In [None]:
%%capture
!pip install llama-index llama-index-embeddings-openai qdrant-client llama-index-vector-stores-qdrant

In [None]:
import os
import requests
from pathlib import Path
from getpass import getpass
from tqdm import tqdm 

import nest_asyncio
nest_asyncio.apply()

In [None]:
os.environ['OPENAI_API_KEY'] = getpass("Enter your OpenAI API key: ")
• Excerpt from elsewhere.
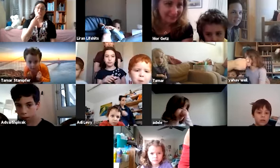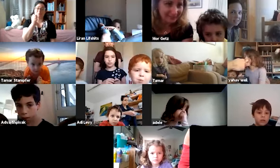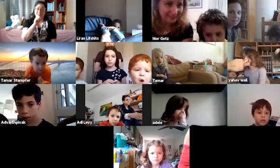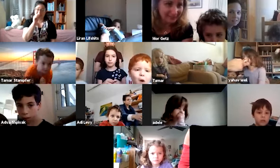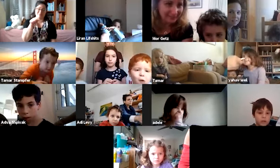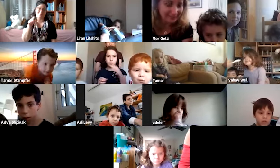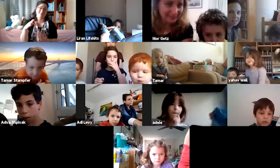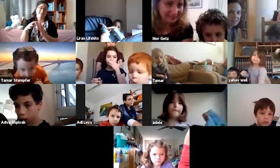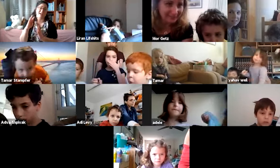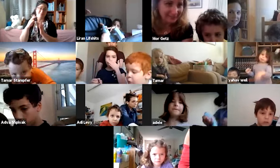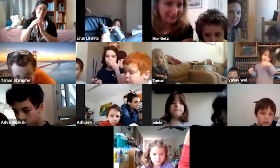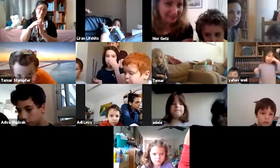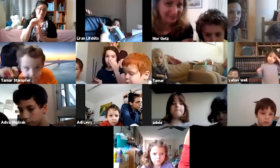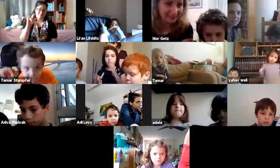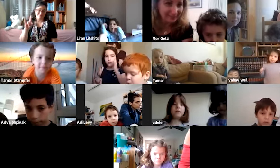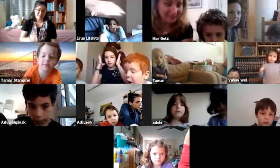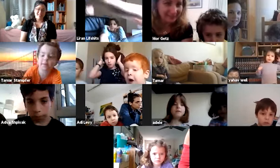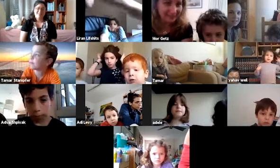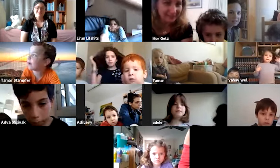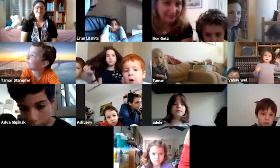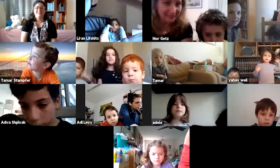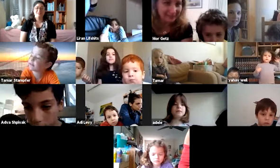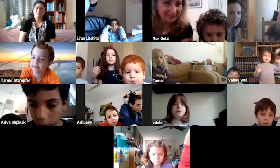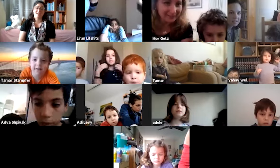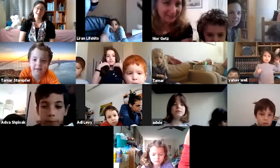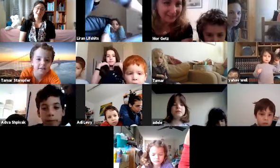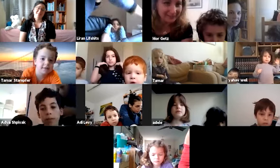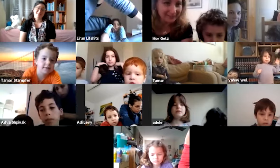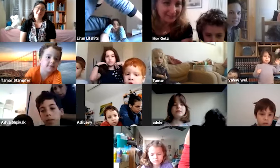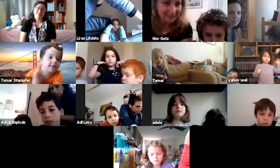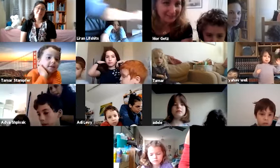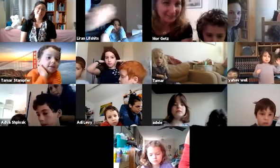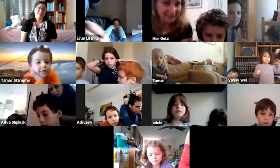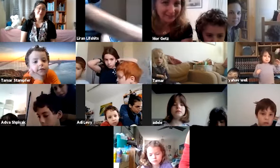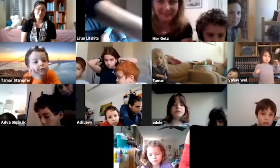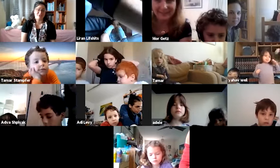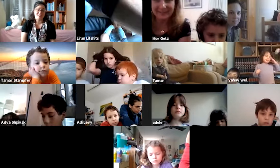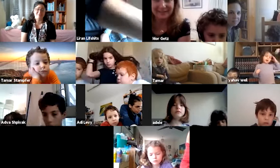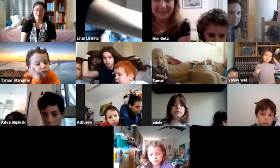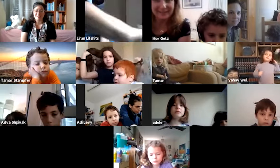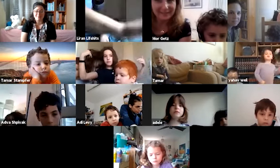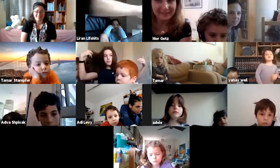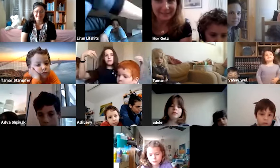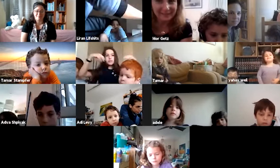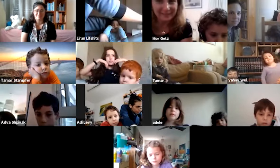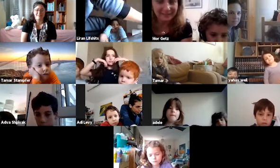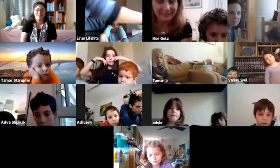השבת בבית אביכאי. ואני רוצה ללמד אתכם היום שיר מיוחד לפסח במסגרת

# Ingestion Pipeline with Document Management

- 📚 **Docstore Attachment**: Enables document management in the ingestion pipeline, using `doc_id` or `node.ref_doc_id` for identification.

- 🗂️ **Duplicate Handling**:
  - Maintains a `doc_id` to `document_hash` map to identify duplicates.
  - Re-processes documents if the same `doc_id` is found with a changed hash.
  - Skips documents if the same `doc_id` is found but the hash remains unchanged.

- 🚫 **Without Vector Store**:
  - Limited to checking and removing duplicate inputs.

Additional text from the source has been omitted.